### Aim of the exercise
Exactly as they appear, write the lines from the one containing "Repetition time: 4.16 s" to the final line of the entries, leaving pictures out.

Dataset entries:

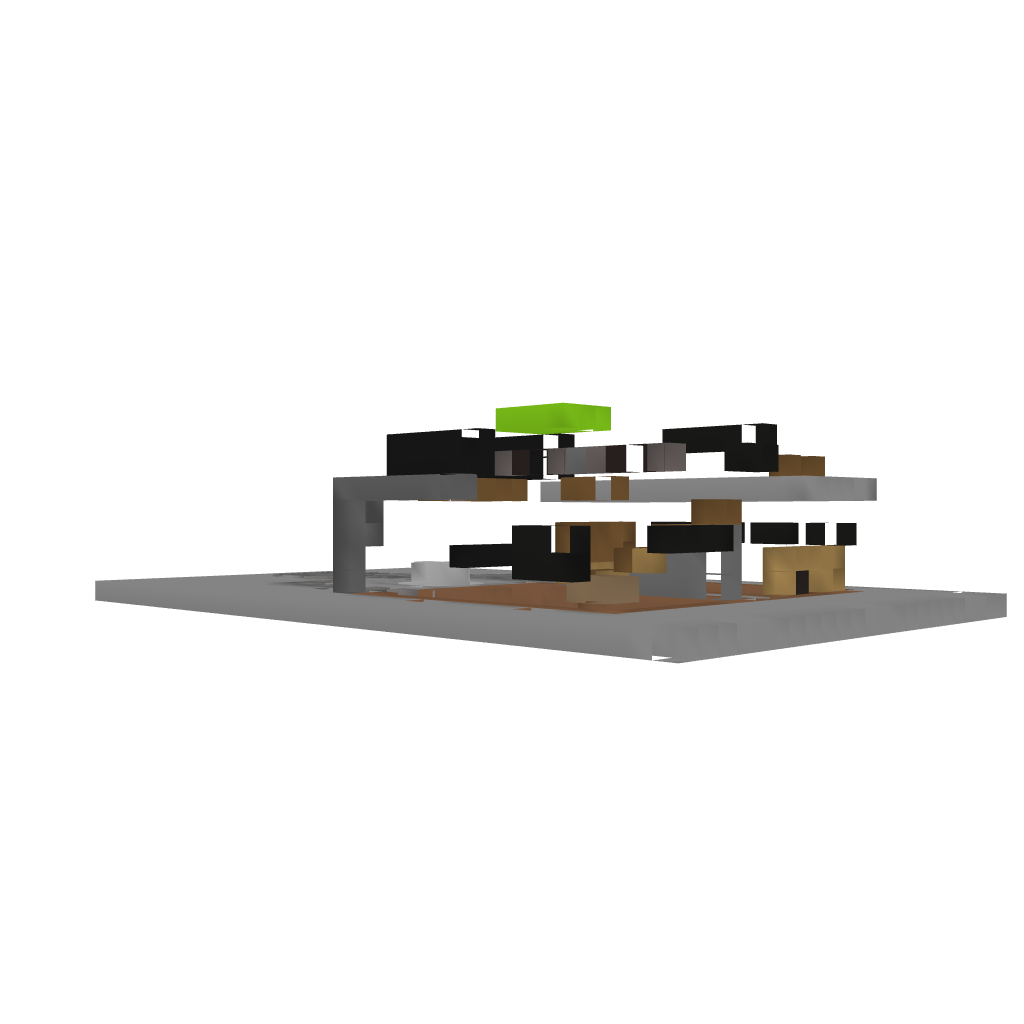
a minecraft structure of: modern house 2
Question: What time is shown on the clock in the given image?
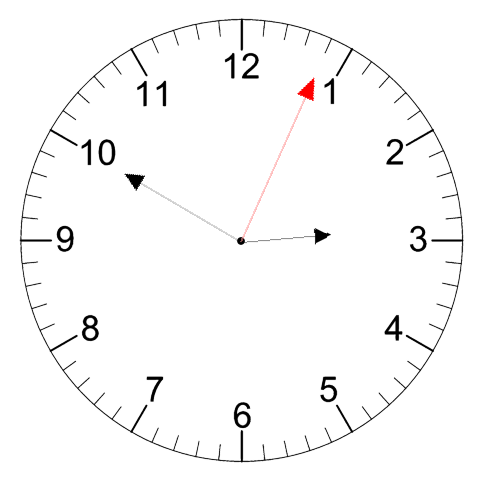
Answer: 02:50:04
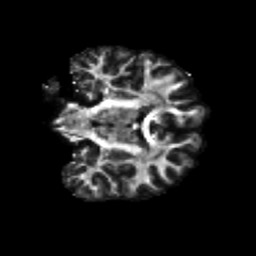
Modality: FA
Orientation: coronal
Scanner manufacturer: siemens
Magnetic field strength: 3 T
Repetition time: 4.16 s
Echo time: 0.0806 s
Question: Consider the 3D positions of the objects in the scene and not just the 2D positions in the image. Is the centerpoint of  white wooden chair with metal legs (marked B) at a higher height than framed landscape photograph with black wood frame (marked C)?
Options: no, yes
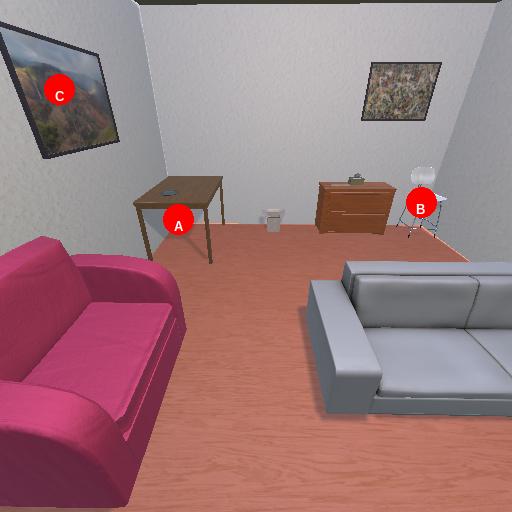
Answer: no
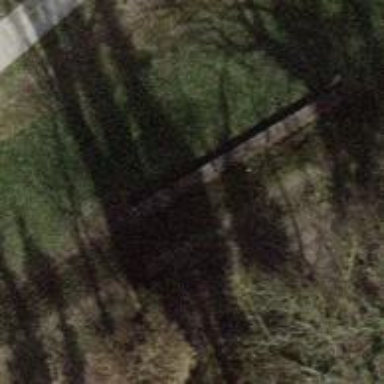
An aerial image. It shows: Bench.
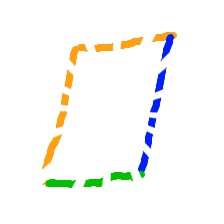
Shape: parallelogram

### Finished task
Repetition time: 4.16 s
Echo time: 0.0806 s
Question: Consider the 3D positions of the objects in the scene and not just the 2D positions in the image. Is the centerpoint of  white wooden chair with metal legs (marked B) at a higher height than framed landscape photograph with black wood frame (marked C)?
Options: no, yes
Answer: no
An aerial image. It shows: Bench.
Shape: parallelogram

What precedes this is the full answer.